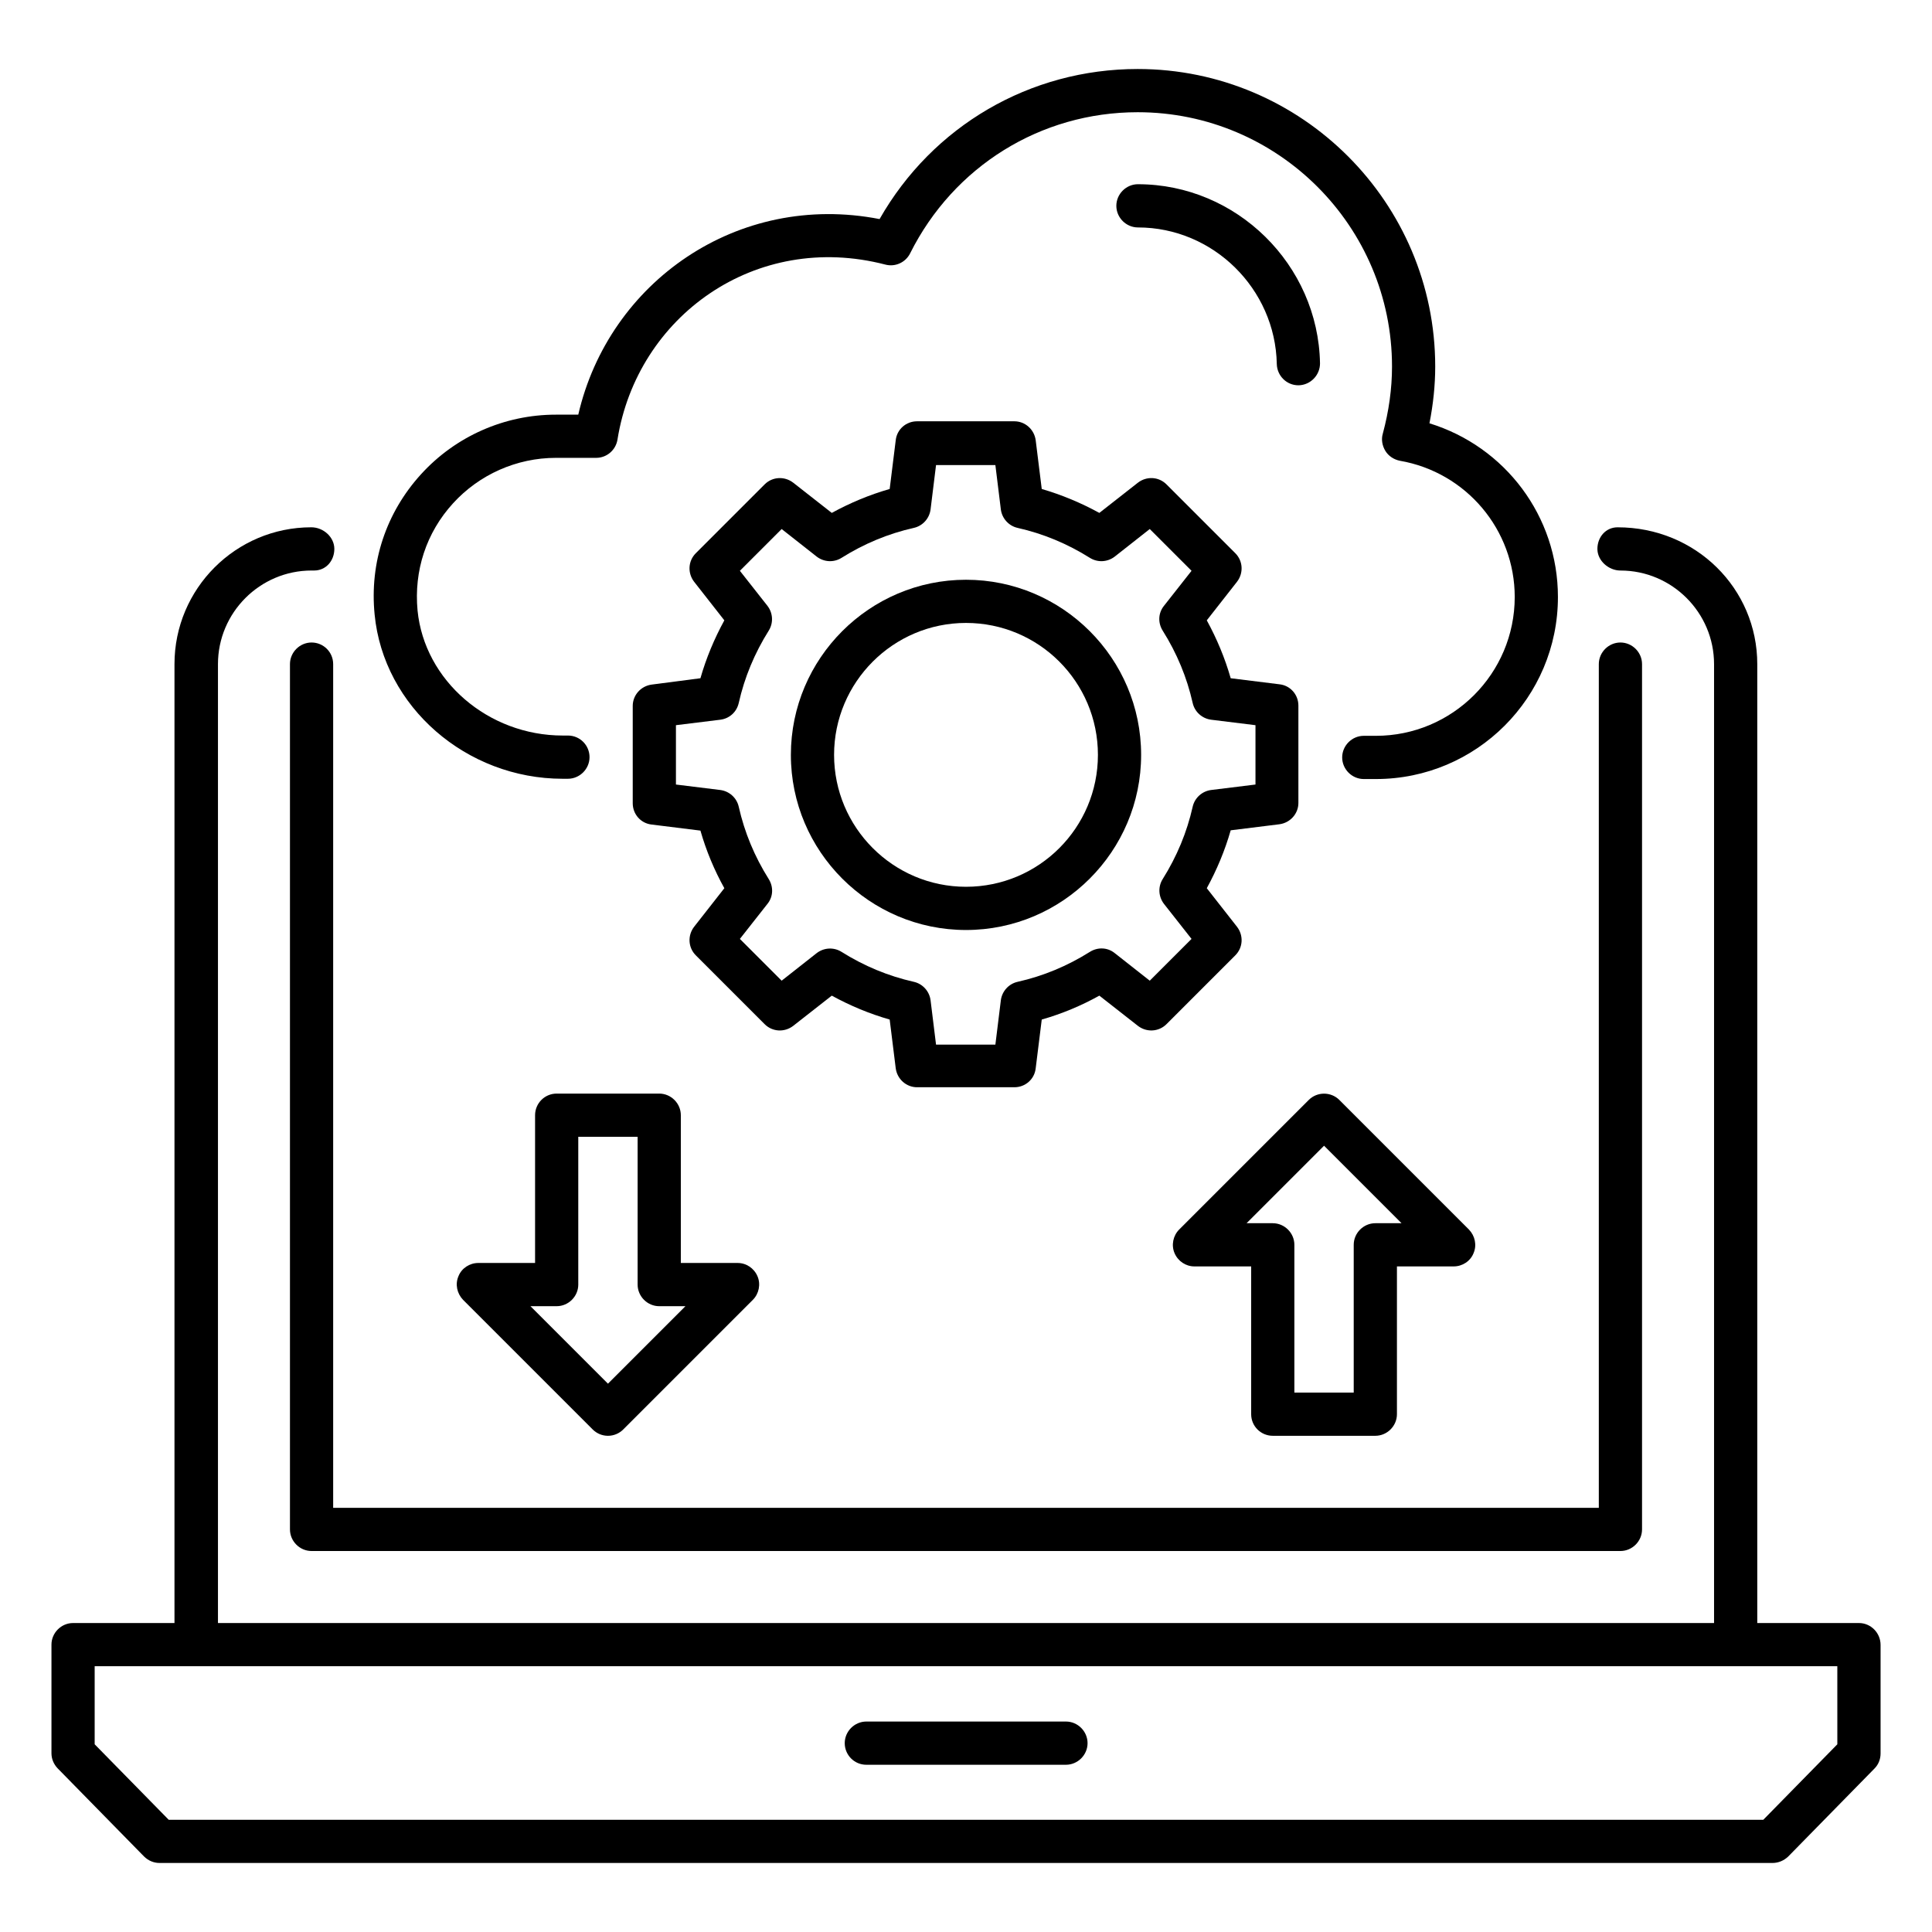 <?xml version="1.0" encoding="UTF-8"?>
<!-- Uploaded to: SVG Repo, www.svgrepo.com, Generator: SVG Repo Mixer Tools -->
<svg fill="#000000" width="800px" height="800px" version="1.1" viewBox="144 144 512 512" xmlns="http://www.w3.org/2000/svg">
 <g>
  <path d="m636.64 574.12h-26.945v-254.12c0-20-16.258-36.258-37.023-36.258-3.129 0-5.344 2.594-5.344 5.727 0 3.129 2.977 5.727 6.106 5.727 13.664 0 24.809 11.145 24.809 24.809v254.12l-396.48-0.004v-254.12c0-13.664 11.145-24.809 24.809-24.809h0.688c3.129 0 5.344-2.594 5.344-5.727 0-3.129-2.902-5.727-6.106-5.727-20 0-36.258 16.258-36.258 36.258v254.12l-26.875 0.004c-3.129 0-5.727 2.594-5.727 5.727v28.777c0 1.527 0.609 2.902 1.602 3.969l22.902 23.359c1.148 1.145 2.598 1.754 4.125 1.754h427.48c1.527 0 2.977-0.609 4.121-1.68l22.902-23.359c1.07-1.07 1.602-2.519 1.602-3.969v-28.777c0-3.203-2.598-5.801-5.727-5.801zm-5.727 32.137-19.617 20h-422.59l-19.617-20v-20.688h461.82z"/>
  <path d="m445.57 192.82c-3.129 0-5.727 2.594-5.727 5.727 0 3.129 2.594 5.727 5.727 5.727 19.922 0 36.41 16.258 36.793 36.184 0.078 3.129 2.594 5.648 5.727 5.648h0.078c3.129-0.078 5.648-2.672 5.648-5.801-0.461-26.184-22.141-47.484-48.246-47.484z"/>
  <path d="m285.8 439.54v39.16h-15.039c-2.289 0-4.426 1.375-5.266 3.512-0.918 2.137-0.383 4.582 1.223 6.258l34.352 34.352c1.07 1.07 2.519 1.68 4.047 1.68 1.527 0 2.977-0.609 4.047-1.68l34.352-34.352c1.602-1.602 2.137-4.121 1.223-6.258-0.918-2.137-2.977-3.512-5.266-3.512h-15.047v-39.16c0-3.129-2.594-5.727-5.727-5.727h-27.176c-3.203 0.004-5.723 2.598-5.723 5.727zm11.449 44.887v-39.16h15.727v39.16c0 3.129 2.594 5.727 5.727 5.727h6.945l-20.535 20.535-20.535-20.535h6.945c3.133-0.004 5.727-2.598 5.727-5.727z"/>
  <path d="m481.3 524.5h27.176c3.129 0 5.727-2.594 5.727-5.727v-39.16h15.039c2.289 0 4.426-1.375 5.266-3.512 0.918-2.137 0.383-4.582-1.223-6.258l-34.352-34.352c-2.215-2.215-5.879-2.215-8.09 0l-34.352 34.352c-1.602 1.602-2.137 4.121-1.223 6.258 0.918 2.137 2.977 3.512 5.266 3.512h15.039v39.16c0 3.207 2.594 5.727 5.727 5.727zm-6.949-56.336 20.535-20.535 20.535 20.535h-6.945c-3.129 0-5.727 2.594-5.727 5.727v39.16h-15.727v-39.16c0-3.129-2.594-5.727-5.727-5.727z"/>
  <path d="m373.59 611.68h52.898c3.129 0 5.727-2.594 5.727-5.727 0-3.129-2.594-5.727-5.727-5.727h-52.898c-3.129 0-5.727 2.594-5.727 5.727 0.004 3.129 2.519 5.727 5.727 5.727z"/>
  <path d="m293.13 350.38h1.375c3.129 0 5.727-2.594 5.727-5.727 0-3.129-2.519-5.727-5.727-5.727h-1.375c-19.77 0-36.641-14.578-38.473-33.129-0.992-10.535 2.289-20.609 9.391-28.398 6.945-7.633 16.871-12.062 27.25-12.062h10.688c2.824 0 5.191-2.062 5.648-4.809 5.191-32.672 36.562-55.344 70.992-46.41 2.594 0.688 5.344-0.535 6.566-2.977 11.527-23.055 34.578-37.402 60.305-37.402 37.176 0 67.402 30.23 67.402 67.402 0 5.879-0.84 11.832-2.441 17.785-0.457 1.527-0.152 3.207 0.688 4.582 0.84 1.375 2.289 2.289 3.816 2.594 17.633 3.055 30.457 18.32 30.457 36.105 0 20.305-16.488 36.793-36.793 36.793h-3.207c-3.129 0-5.727 2.594-5.727 5.727 0 3.129 2.594 5.727 5.727 5.727h3.207c26.641 0 48.242-21.602 48.242-48.242 0-21.375-13.969-39.848-34.047-46.031 0.992-5.039 1.527-10.078 1.527-15.039 0-43.434-35.344-78.855-78.855-78.855-28.551 0-54.352 15.113-68.395 39.77-37.633-7.328-71.754 16.719-79.848 51.832h-5.953c-13.586 0-26.566 5.727-35.727 15.801-9.238 10.152-13.664 23.359-12.289 37.176 2.367 24.43 24.277 43.516 49.848 43.516z"/>
  <path d="m400 390.46c25.57 0 46.41-20.84 46.41-46.41s-20.84-46.41-46.41-46.41-46.41 20.84-46.41 46.41c-0.004 25.57 20.836 46.41 46.41 46.41zm0-81.375c19.312 0 34.961 15.648 34.961 34.961s-15.648 34.961-34.961 34.961-34.961-15.727-34.961-34.961 15.648-34.961 34.961-34.961z"/>
  <path d="m316.72 325.42c-2.902 0.383-5.039 2.824-5.039 5.648v25.801c0 2.902 2.137 5.344 5.039 5.648l12.902 1.602c1.527 5.344 3.664 10.457 6.336 15.266l-8.016 10.23c-1.754 2.289-1.602 5.496 0.457 7.559l18.242 18.242c2.062 2.062 5.266 2.215 7.559 0.457l10.23-8.016c4.887 2.672 10 4.809 15.344 6.336l1.602 12.902c0.383 2.902 2.824 5.039 5.648 5.039h25.801c2.902 0 5.344-2.137 5.648-5.039l1.602-12.902c5.344-1.527 10.457-3.664 15.266-6.336l10.23 8.016c2.289 1.754 5.496 1.602 7.559-0.457l18.242-18.242c2.062-2.062 2.215-5.266 0.457-7.559l-8.016-10.23c2.672-4.887 4.809-10 6.336-15.344l12.902-1.602c2.902-0.383 5.039-2.824 5.039-5.648v-25.801c0-2.902-2.137-5.344-5.039-5.648l-12.902-1.602c-1.527-5.344-3.664-10.457-6.336-15.344l8.016-10.23c1.754-2.289 1.602-5.496-0.457-7.559l-18.242-18.242c-2.062-2.062-5.266-2.215-7.559-0.457l-10.23 8.016c-4.887-2.672-10-4.809-15.266-6.336l-1.602-12.902c-0.383-2.902-2.824-5.039-5.648-5.039h-25.801c-2.902 0-5.344 2.137-5.648 5.039l-1.602 12.902c-5.344 1.527-10.457 3.664-15.344 6.336l-10.23-8.016c-2.289-1.754-5.496-1.602-7.559 0.457l-18.242 18.242c-2.062 2.062-2.215 5.266-0.457 7.559l8.016 10.23c-2.672 4.887-4.809 10-6.336 15.344zm23.051 4.887c1.527-6.793 4.199-13.207 7.938-19.16 1.297-2.062 1.145-4.656-0.305-6.566l-7.328-9.312 11.07-11.07 9.312 7.328c1.91 1.449 4.504 1.602 6.566 0.305 5.953-3.742 12.367-6.414 19.16-7.938 2.367-0.535 4.121-2.519 4.426-4.887l1.449-11.754h15.727l1.449 11.754c0.305 2.367 2.062 4.352 4.426 4.887 6.793 1.527 13.207 4.199 19.16 7.938 2.062 1.297 4.656 1.145 6.566-0.305l9.312-7.328 11.07 11.07-7.328 9.312c-1.527 1.91-1.602 4.504-0.305 6.566 3.742 5.953 6.414 12.367 7.938 19.16 0.535 2.367 2.519 4.121 4.887 4.426l11.754 1.449v15.727l-11.754 1.449c-2.367 0.305-4.352 2.062-4.887 4.426-1.527 6.793-4.199 13.207-7.938 19.16-1.297 2.062-1.145 4.656 0.305 6.566l7.328 9.312-11.07 11.07-9.312-7.328c-1.91-1.527-4.504-1.602-6.566-0.305-5.953 3.742-12.367 6.414-19.16 7.938-2.367 0.535-4.121 2.519-4.426 4.887l-1.449 11.754h-15.727l-1.449-11.754c-0.305-2.367-2.062-4.352-4.426-4.887-6.793-1.527-13.207-4.199-19.16-7.938-2.062-1.297-4.656-1.145-6.566 0.305l-9.312 7.328-11.07-11.07 7.328-9.312c1.527-1.91 1.602-4.504 0.305-6.566-3.742-5.953-6.414-12.367-7.938-19.16-0.535-2.367-2.519-4.121-4.887-4.426l-11.754-1.449v-15.727l11.754-1.449c2.445-0.305 4.352-2.059 4.887-4.426z"/>
  <path d="m226.57 314.27c-3.129 0-5.727 2.594-5.727 5.727v229.31c0 3.129 2.594 5.727 5.727 5.727h346.86c3.129 0 5.727-2.594 5.727-5.727v-229.31c0-3.129-2.594-5.727-5.727-5.727-3.129 0-5.727 2.594-5.727 5.727v223.59h-335.41v-223.59c0-3.207-2.594-5.727-5.723-5.727z"/>
 </g>
</svg>

Problem details » Return only the lines between the one holding "<!-- Uploaded to: SVG" and the one holding "0-5.344 2.594-5.344 5.727", inclusive, exactly as they appear above.

Output »
<!-- Uploaded to: SVG Repo, www.svgrepo.com, Generator: SVG Repo Mixer Tools -->
<svg fill="#000000" width="800px" height="800px" version="1.1" viewBox="144 144 512 512" xmlns="http://www.w3.org/2000/svg">
 <g>
  <path d="m636.64 574.12h-26.945v-254.12c0-20-16.258-36.258-37.023-36.258-3.129 0-5.344 2.594-5.344 5.727 0 3.129 2.977 5.727 6.106 5.727 13.664 0 24.809 11.145 24.809 24.809v254.12l-396.48-0.004v-254.12c0-13.664 11.145-24.809 24.809-24.809h0.688c3.129 0 5.344-2.594 5.344-5.727 0-3.129-2.902-5.727-6.106-5.727-20 0-36.258 16.258-36.258 36.258v254.12l-26.875 0.004c-3.129 0-5.727 2.594-5.727 5.727v28.777c0 1.527 0.609 2.902 1.602 3.969l22.902 23.359c1.148 1.145 2.598 1.754 4.125 1.754h427.48c1.527 0 2.977-0.609 4.121-1.68l22.902-23.359c1.07-1.07 1.602-2.519 1.602-3.969v-28.777c0-3.203-2.598-5.801-5.727-5.801zm-5.727 32.137-19.617 20h-422.59l-19.617-20v-20.688h461.82z"/>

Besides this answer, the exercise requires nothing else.